GIVEN DATA:
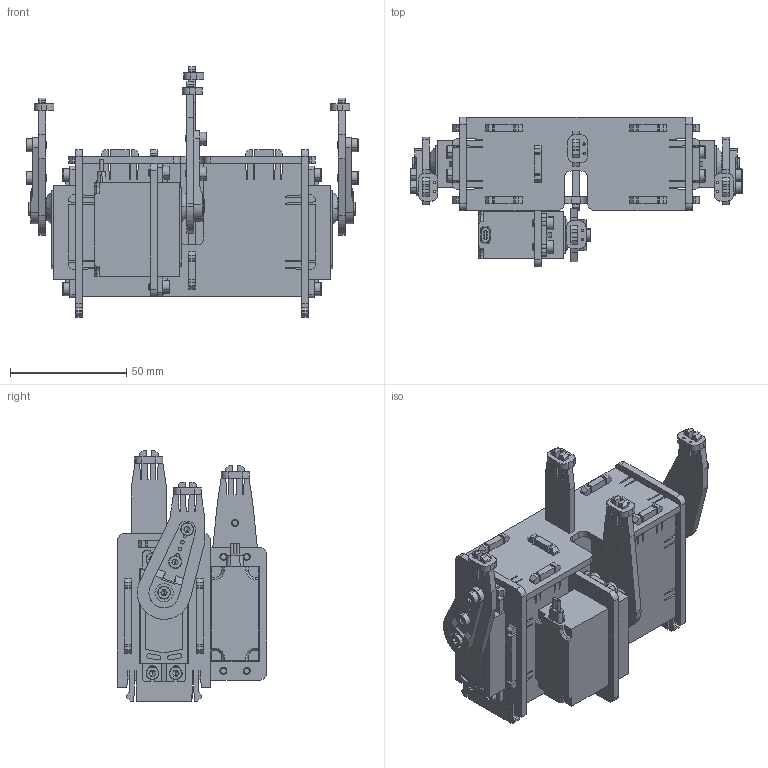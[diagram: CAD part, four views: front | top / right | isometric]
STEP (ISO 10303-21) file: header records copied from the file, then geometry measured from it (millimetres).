
FILE_DESCRIPTION (( 'STEP AP203' ), '1' );
FILE_NAME ('mouth.step', '2015-08-10T13:06:32', ( 'Cesar' ), ( '' ), 'SwSTEP 2.0', 'SolidWorks 2013', '' );
FILE_SCHEMA (( 'CONFIG_CONTROL_DESIGN' ));
Length unit declared in the file: millimetre
Products named in the file (15): servo-standard; textile-snap; mouth-frame-1; lever-mid-towerpro-horn; mouth-frame-2; servo-horn-towerpro-1-arm; mouth-frame-3; lever-outer-l-towerpro-horn; mouth-frame-4; lever-outer-r-towerpro-horn; mouth-frame-5; socket head cap screw_iso_ISO 4762 M3 x 6 --- 6N; mouth-frame-6; mouth; mouth-frame-7
Assembly tree (41 placements, depth 2):
  mouth
    mouth-frame-1
    mouth-frame-2
    mouth-frame-3
    mouth-frame-4
    mouth-frame-5
    mouth-frame-6
    mouth-frame-7
    servo-standard  x3
    textile-snap  x4
    lever-mid-towerpro-horn
    servo-horn-towerpro-1-arm  x3
    lever-outer-l-towerpro-horn
    lever-outer-r-towerpro-horn
    socket head cap screw_iso_ISO 4762 M3 x 6 --- 6N  x21
Bounding box: 142.6 x 64 x 107.5 mm (x, y, z)
Volume: 174646.1 mm3; surface area: 95825.9 mm2
Topology: 41 solids, 41 shells, 1855 faces, 4803 edges, 3069 vertices
Faces by surface type: plane 1299, cylinder 364, cone 108, torus 84
Entity records: 31864 total; most frequent: CARTESIAN_POINT 5277, ORIENTED_EDGE 5166, DIRECTION 4779, EDGE_CURVE 2583, VECTOR 2285, LINE 2285, VERTEX_POINT 1713, AXIS2_PLACEMENT_3D 1247

AIM OF THE EXERCISE: What is needed is every record above, returned exactly, with the pictures omitted.

COMPLETED TASK:
[diagram: CAD part, four views: front | top / right | isometric]
STEP (ISO 10303-21) file: header records copied from the file, then geometry measured from it (millimetres).
FILE_DESCRIPTION (( 'STEP AP203' ), '1' );
FILE_NAME ('mouth.step', '2015-08-10T13:06:32', ( 'Cesar' ), ( '' ), 'SwSTEP 2.0', 'SolidWorks 2013', '' );
FILE_SCHEMA (( 'CONFIG_CONTROL_DESIGN' ));
Length unit declared in the file: millimetre
Products named in the file (15): servo-standard; textile-snap; mouth-frame-1; lever-mid-towerpro-horn; mouth-frame-2; servo-horn-towerpro-1-arm; mouth-frame-3; lever-outer-l-towerpro-horn; mouth-frame-4; lever-outer-r-towerpro-horn; mouth-frame-5; socket head cap screw_iso_ISO 4762 M3 x 6 --- 6N; mouth-frame-6; mouth; mouth-frame-7
Assembly tree (41 placements, depth 2):
  mouth
    mouth-frame-1
    mouth-frame-2
    mouth-frame-3
    mouth-frame-4
    mouth-frame-5
    mouth-frame-6
    mouth-frame-7
    servo-standard  x3
    textile-snap  x4
    lever-mid-towerpro-horn
    servo-horn-towerpro-1-arm  x3
    lever-outer-l-towerpro-horn
    lever-outer-r-towerpro-horn
    socket head cap screw_iso_ISO 4762 M3 x 6 --- 6N  x21
Bounding box: 142.6 x 64 x 107.5 mm (x, y, z)
Volume: 174646.1 mm3; surface area: 95825.9 mm2
Topology: 41 solids, 41 shells, 1855 faces, 4803 edges, 3069 vertices
Faces by surface type: plane 1299, cylinder 364, cone 108, torus 84
Entity records: 31864 total; most frequent: CARTESIAN_POINT 5277, ORIENTED_EDGE 5166, DIRECTION 4779, EDGE_CURVE 2583, VECTOR 2285, LINE 2285, VERTEX_POINT 1713, AXIS2_PLACEMENT_3D 1247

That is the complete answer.